Double-counting: If a trade confirmation is processed twice (network retransmission, retry on failure), the position must not be incremented twice. Each trade had a unique ID; the risk engine maintained a processed-set of trade IDs and rejected duplicates.

Lost trades: The position must be consistent with the trade store. We ran a periodic reconciliation (every 15 minutes during trading hours) that compared the risk engine’s in-memory position state against the trade database. Discrepancies triggered an alarm and a forced reload of the affected positions.

Recovery: When the risk engine restarted (deployment, crash), it needed to rebuild position state from scratch. The rebuild procedure: load all open trades from the database in timestamp order, replay them through the same position-update logic. This was tested daily — the risk engine was deployed every morning before trading opened, rebuilding state from overnight trades.

Clock ordering: Trades sometimes arrived slightly out of order due to messaging infrastructure. The incremental aggregation model is not order-sensitive for net quantity (addition is commutative), but is order-sensitive for average price calculation. We used trade timestamp (not arrival time) for ordering, with a small out-of-order tolerance window.

The Hierarchy Aggregation

Desks had sub-books; books had desks; the total was across all books. The hierarchy aggregation was maintained as a tree of nodes, each holding its own subtotal.

When a position changed, we propagated the delta upward:

 1
 2
 3
 4
 5
 6
 7
 8
 9
10
11
12
void onPositionChange(PositionDelta delta) {
    Position pos = positions.get(delta.instrument, delta.deskId);
    pos.apply(delta);

    DeskAggregate desk = desks.get(delta.deskId);
    desk.recomputeFromPositions();

    BookAggregate book = books.get(desk.bookId);
    book.recomputeFromDesks();

    totalAggregate.recomputeFromBooks();
}

This was single-threaded for correctness — one update thread, no concurrent modification of position state. The read path (dealer screens reading aggregates) used a copy-on-update pattern: the write thread published a new snapshot of the aggregate tree after each update, and readers held a reference to the latest snapshot.

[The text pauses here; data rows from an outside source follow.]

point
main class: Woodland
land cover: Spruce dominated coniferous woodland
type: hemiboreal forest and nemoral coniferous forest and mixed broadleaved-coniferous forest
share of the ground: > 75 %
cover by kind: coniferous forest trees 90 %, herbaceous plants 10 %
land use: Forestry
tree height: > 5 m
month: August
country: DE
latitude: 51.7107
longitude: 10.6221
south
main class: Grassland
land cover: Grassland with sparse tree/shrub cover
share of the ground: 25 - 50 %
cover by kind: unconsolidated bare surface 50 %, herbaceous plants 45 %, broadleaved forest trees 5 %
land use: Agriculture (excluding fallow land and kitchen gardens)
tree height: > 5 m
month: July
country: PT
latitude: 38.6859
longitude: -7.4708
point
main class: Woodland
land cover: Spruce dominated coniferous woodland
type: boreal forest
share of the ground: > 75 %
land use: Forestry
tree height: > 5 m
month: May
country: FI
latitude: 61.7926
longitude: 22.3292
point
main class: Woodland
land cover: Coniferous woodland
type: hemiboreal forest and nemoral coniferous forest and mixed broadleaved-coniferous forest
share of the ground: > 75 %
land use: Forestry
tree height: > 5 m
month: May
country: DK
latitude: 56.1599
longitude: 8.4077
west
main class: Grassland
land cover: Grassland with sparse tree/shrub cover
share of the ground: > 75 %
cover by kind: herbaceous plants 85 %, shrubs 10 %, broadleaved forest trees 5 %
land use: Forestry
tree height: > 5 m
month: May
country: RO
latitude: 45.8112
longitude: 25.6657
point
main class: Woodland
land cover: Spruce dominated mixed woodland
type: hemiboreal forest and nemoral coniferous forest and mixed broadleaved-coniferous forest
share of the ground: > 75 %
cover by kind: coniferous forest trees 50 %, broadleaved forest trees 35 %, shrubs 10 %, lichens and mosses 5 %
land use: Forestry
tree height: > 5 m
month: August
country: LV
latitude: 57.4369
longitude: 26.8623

Read operations were O(1) — get reference to latest snapshot, read from it. Write operations were serialised through a single thread. This eliminated the need for locks on read paths, which was important for the UI latency requirement.

What the Dealers Actually Used

The final system had three views:

Position ladder: per instrument, net quantity and P&L for the current dealer’s book, updated in real time.

Desk blotter: all desks on one screen, net exposure and P&L per desk, sortable. Management used this.

Risk summary: Greeks for the options book (delta, gamma, vega), computed by the risk model and pushed to the same aggregation infrastructure.

The update latency in practice: 200–300ms from trade to screen refresh, well within the 500ms requirement. The price-driven revaluation lag added another 0–100ms depending on where we were in the 100ms coalescing window.

The dealers stopped complaining about wrong numbers. That was the success metric.


Real-time risk aggregation is an incremental maintenance problem, not a recalculation problem. The constraints — latency, correctness, availability — push toward event-driven delta computation rather than batch refresh. The complexity is in the edge cases: out-of-order events, failure recovery, reconciliation against the source of truth. Getting the happy path right is a few days of work; getting the failure modes right takes the rest of the project.